The team president is Ted Phillips, working on behalf of the notoriously stingy McCaskey family. These are not people who like eating the salaries of employees who no longer work for them, so forget about a total housecleaning that would allow the Bears to hire Mike Shanahan -- who maximized Cutler's skills in Denver -- and give him total control of the football operation. If the chiefs are smart, something they're not accused of often, they will at least fire Smith, pay off the $11 million owed him the next two seasons and seek a coach that eventually can take over football operations when Angelo draws closer to his 2013 contract expiration. Shanahan fits the bill, with his Cutler ties and Chicago roots. So does Bill Cowher, whose jutting jaw is suited to the city's self-image. Mike Holmgren would love to be in the Midwest, and his interest in the Cleveland Browns' job, maybe the worst in the league, suggests he'd be eager to take on duty in Chicago. As awful as the Bears are right now, working here remains an attractive situation because of Cutler and the fact you could become an instant hero upon executing a turnaround.

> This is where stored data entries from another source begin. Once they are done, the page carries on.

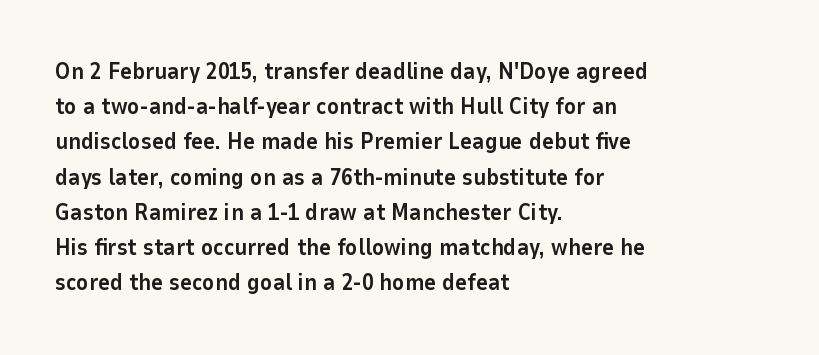
The image shows 23 px bold type, upright; set left-aligned, normal line spacing (1.53x), normal letter spacing, not underlined.
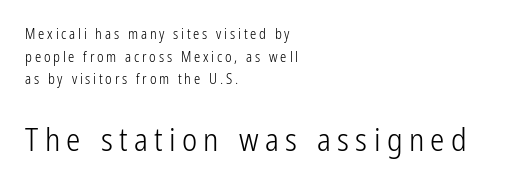
Q: Is the text bold? A: No.
Q: Is the text italic (slanted)? A: No, it is upright.
Q: Is the typeface a serif or a sans-serif typeface? A: Sans-serif.
Q: Is the text underlined? A: No.
Q: How is the paragraph aligned? A: Left-aligned.
Q: Is the spacing between letters normal or unusually wide? A: Unusually wide.
Q: Is the spacing between lines tight, normal or loose? A: Normal.
Q: Which block of text is set in a larger size, the first (top) or the second (bottom)? A: The second (bottom) one.
Q: Width (condensed, normal, or wide)? A: Condensed.
Q: Stroke contrast? A: Low.
Q: x-height? A: Medium.
Q: Monospaced? A: No.
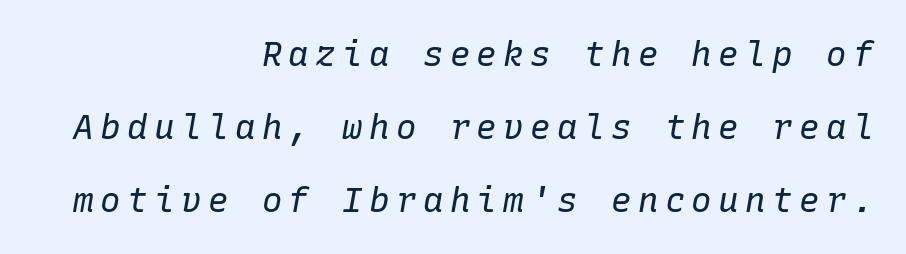
{"italic": "yes", "lean": "right", "slant_degrees": 10, "bold": "no", "weight": "regular", "width": "normal", "stroke_contrast": "low", "x_height": "medium", "monospaced": "yes", "underline": "no", "align": "right", "line_spacing": "loose", "line_spacing_ratio": 2.14, "glyph_px": 34}

Lovie SmithClearly, bringing back Smith, right, and offensive coordinator Ron Turner would spark a civic revolt. The franchise charges way too much for tickets at Soldier Field to ignore the fans' outrage. Since stumbling into a 2007 Super Bowl that I'm not convinced actually happened, the Bears have won 20 of 42 games and are playing out their third straight season without a playoff berth. The offensive line is below-average. Running back Matt Forte lacks the toughness expected in a city where Walter Payton's ghost eternally lives. The defense provides little or no resistance, as Donovan McNabb and the Eagles showed Sunday. WIthout a No. 1 pick in the 2010 draft -- part of the staggering package relinquished for Cutler -- the Bears will have to spend money for a receiver such as Vincent Jackson or the troubled Brandon Marshall, Cutler's ultra-talented target in Denver. Basically, the Bears have Cutler's right arm -- I don't like his head -- and the right foot of kicker Robbie Gould as they move forward. Without major changes at the top, this team could be lousy for a few years, which will turn Cutler into a basket case with all his double-chinned facial expressions.

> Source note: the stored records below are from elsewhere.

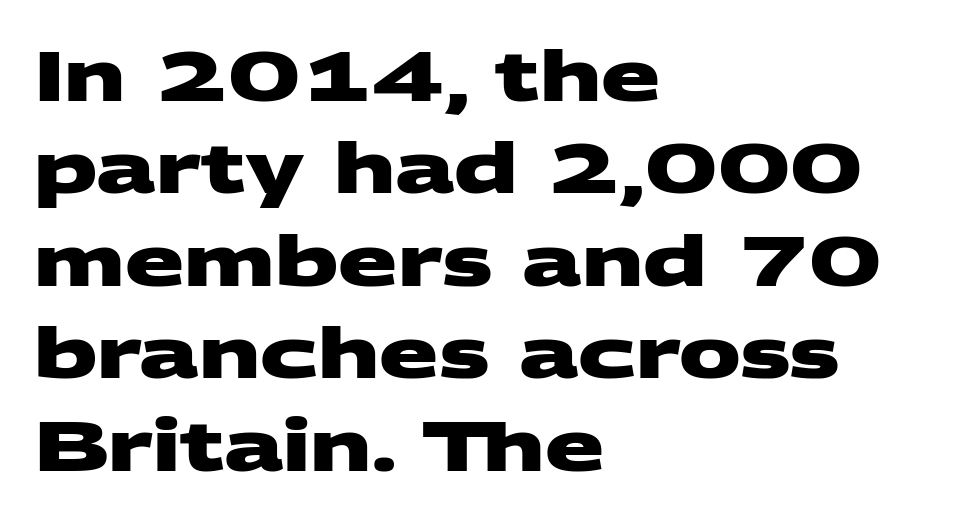
{"serif": "no", "bold": "yes", "weight": "heavy", "width": "wide", "stroke_contrast": "medium", "x_height": "large", "monospaced": "no", "underline": "no", "align": "left", "line_spacing": "normal", "line_spacing_ratio": 1.34, "letter_spacing": "normal", "letter_spacing_em": 0.0, "glyph_px": 69}
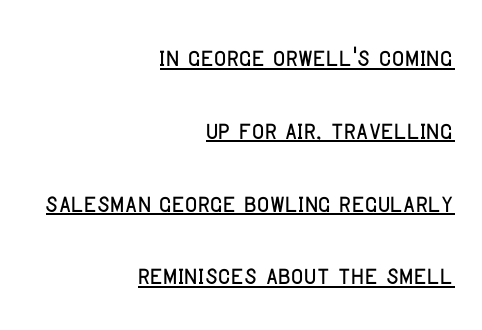
What's the leading like? Stretched, with rows far apart. No italicization has been applied; the sample stays upright. The paragraph has a hard right edge and a soft left edge. A typesetter would label this face a sans. Note the varied advance widths — an 'i' is clearly narrower than an 'm'.
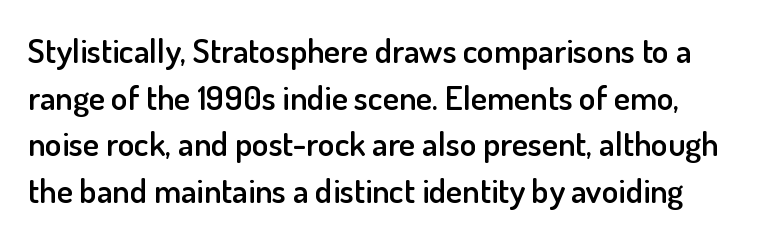
The image shows 34 px semibold sans-serif type, upright; set normal line spacing (1.37x), normal letter spacing, not underlined; low stroke contrast and a small x-height.
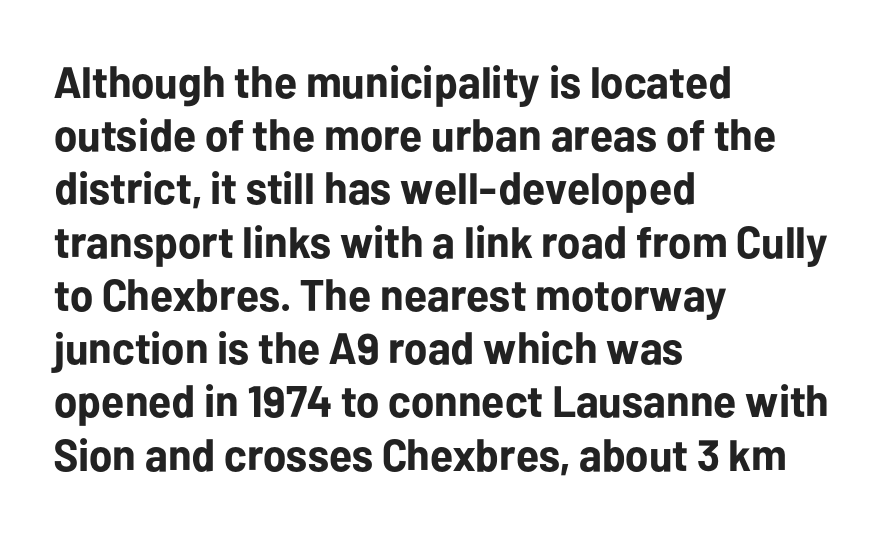
The image shows 44 px bold sans-serif type, upright; set left-aligned, line spacing 1.21x, normal letter spacing, not underlined; low stroke contrast and a medium x-height.
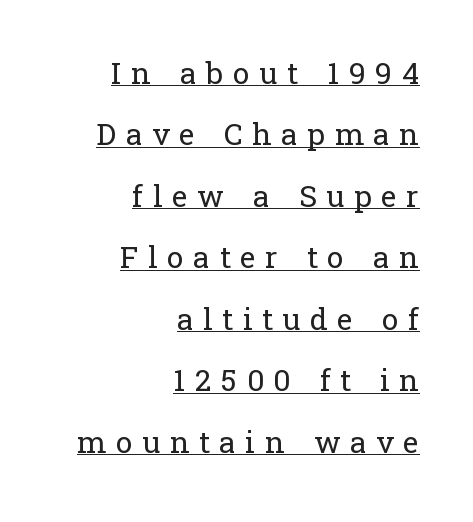
Q: Is the text bold? A: No.
Q: Is the text italic (slanted)? A: No, it is upright.
Q: Is the typeface a serif or a sans-serif typeface? A: Serif.
Q: Is the text underlined? A: Yes.
Q: How is the paragraph aligned? A: Right-aligned.
Q: Is the spacing between letters normal or unusually wide? A: Unusually wide.
Q: Is the spacing between lines tight, normal or loose? A: Loose.
Q: Width (condensed, normal, or wide)? A: Normal.
Q: Stroke contrast? A: Low.
Q: x-height? A: Medium.
Q: Monospaced? A: No.
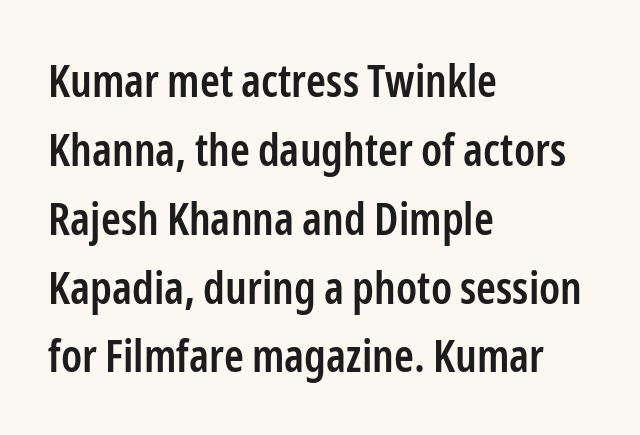
{"serif": "no", "italic": "no", "bold": "semi", "weight": "semibold", "width": "condensed", "stroke_contrast": "low", "x_height": "medium", "monospaced": "no", "underline": "no", "align": "left", "line_spacing": "normal", "line_spacing_ratio": 1.53, "letter_spacing": "normal", "letter_spacing_em": 0.0, "glyph_px": 45}
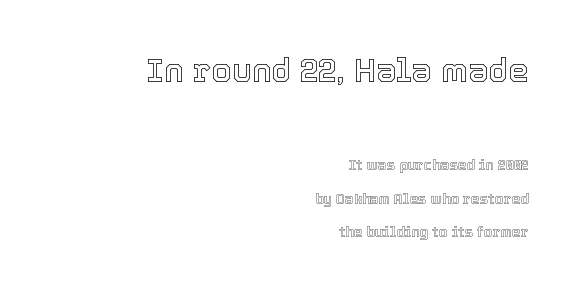
{"italic": "no", "width": "normal", "x_height": "medium", "monospaced": "no", "underline": "no", "align": "right", "line_spacing": "loose", "line_spacing_ratio": 2.39, "letter_spacing": "normal", "letter_spacing_em": 0.0, "larger_block": "first", "size_ratio": 2.36, "glyph_px": 33}
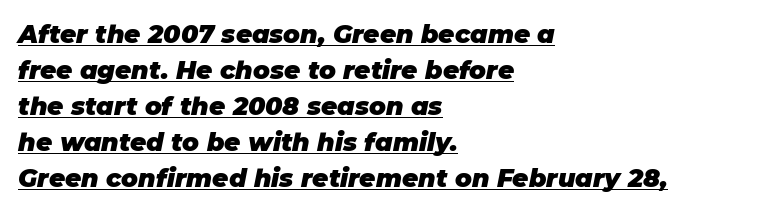
The image shows 25 px bold type, italic (leaning right); set left-aligned, normal line spacing (1.44x), normal letter spacing, underlined.
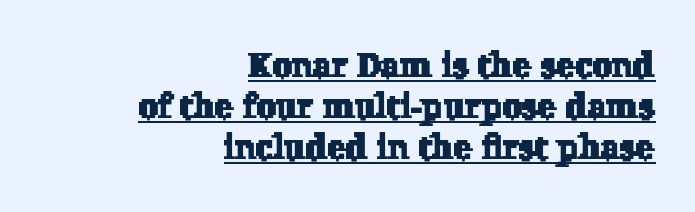
Note the varied advance widths — an 'i' is clearly narrower than an 'm'. The letters carry serifs — small finishing strokes at the ends of their stems. Quick note: underline on. The rendering keeps characters at their native spacing. Does the copy run flush right? Yes — the right margin is perfectly even.

He didn't talk to NBC's Bob Costas before the game, part of an organizational decision that included boycotts by Smith and Angelo. They wanted the team's play to do the talking Sunday night, and as millions saw before flicking off TVs, the Bears do not walk the walk. McNabb, a Chicago native and a Bears fan growing up, made sure to have a private conversation with Cutler at midfield afterward. It was uncomfortably long, with McNabb issuing advice and Cutler nodding attentatively like the lost puppy he is.

"That's between me and him," Cutler said. "I will say, he's a first-class guy."

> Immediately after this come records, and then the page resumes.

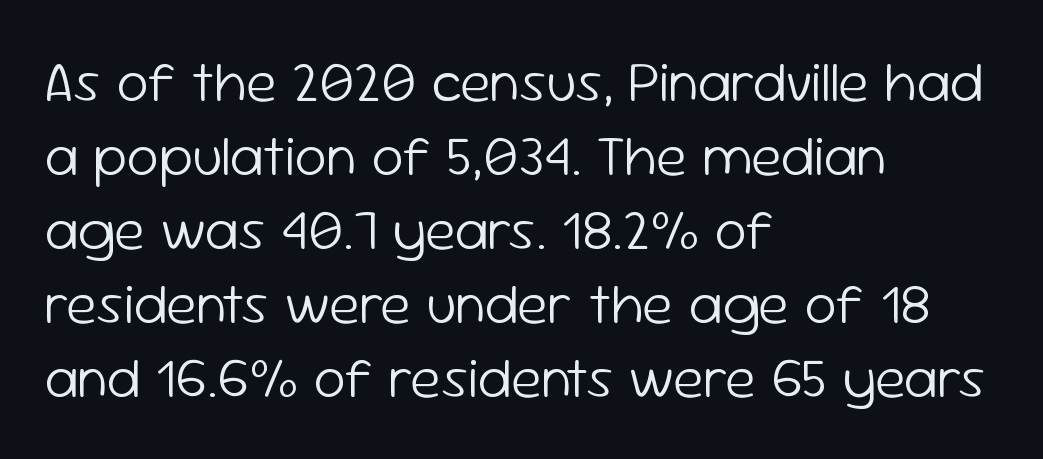
The image shows 57 px light sans-serif type, upright; set left-aligned, normal line spacing (1.3x), normal letter spacing, not underlined; low stroke contrast and a medium x-height.
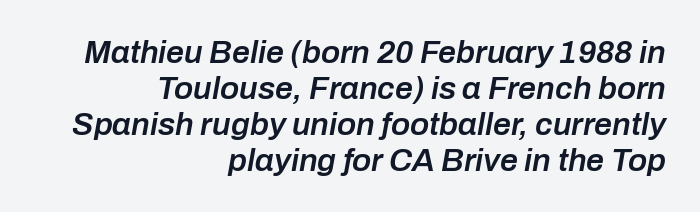
It's the slanting kind of type. Glyph-to-glyph distance matches everyday printed text. You could not count columns in this text — the font is proportionally spaced. Horizontal bands of white between lines are thin slivers. A semibold gives these letters moderate extra thickness, short of bold. The space directly below the letters is spotless.
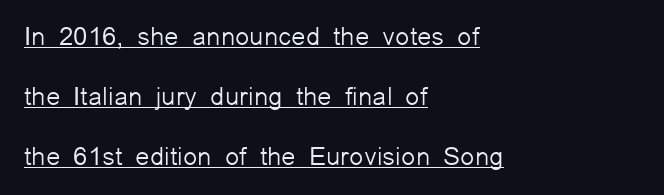
The image shows 26 px text type, upright; set left-aligned, loose line spacing (2.3x), normal letter spacing, underlined.
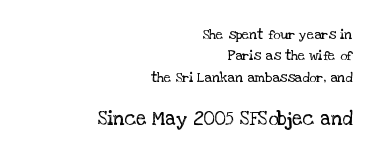
Does the copy run flush right? Yes — the right margin is perfectly even. Here the glyphs are tracked normally, forming tight word shapes. Posture: straight, roman, zero tilt. The weight would be labelled regular, book, light, or lighter still. Baseline-to-baseline distance is the conventional proportion of letter height.
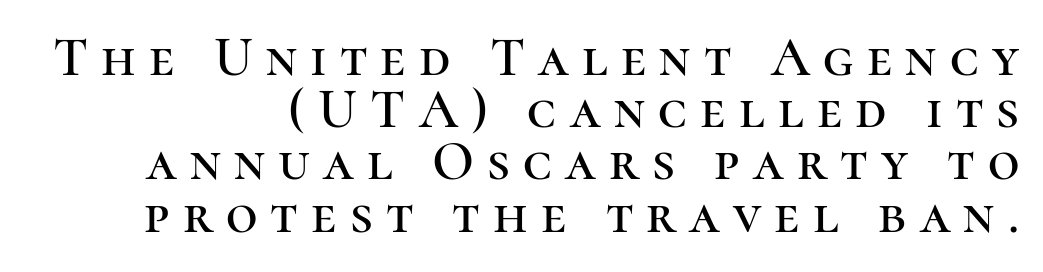
The image shows 55 px serif type, upright; set right-aligned, tight line spacing (0.95x), unusually wide letter spacing (+0.24 em), not underlined; high stroke contrast and a medium x-height.
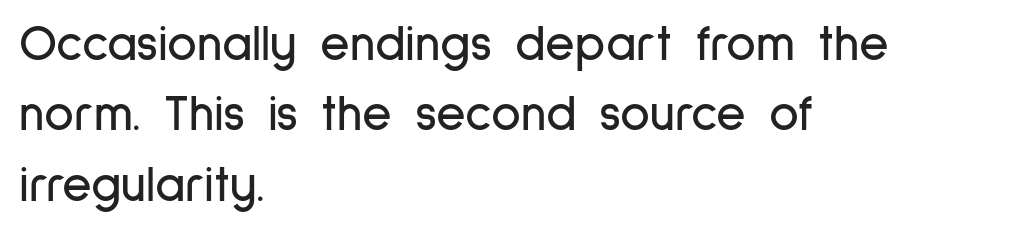
{"serif": "no", "italic": "no", "width": "condensed", "stroke_contrast": "low", "x_height": "medium", "monospaced": "no", "underline": "no", "align": "left", "line_spacing": "normal", "line_spacing_ratio": 1.38, "letter_spacing": "normal", "letter_spacing_em": 0.0, "glyph_px": 51}

Said McNabb: "What we talked about, we are going to keep between us. It's the fraternity of the quarterbacks. I've been through a different situation, but somewhat similar to what he is going through right now."

The difference being, McNabb is part of a solid organization. Cutler is not. Rather than see Hester moon the world, 61,000 fans should have mooned the Bears.

In America's most passionate football town, the good people should get some redeeming satisfaction for their emotional and financial investment.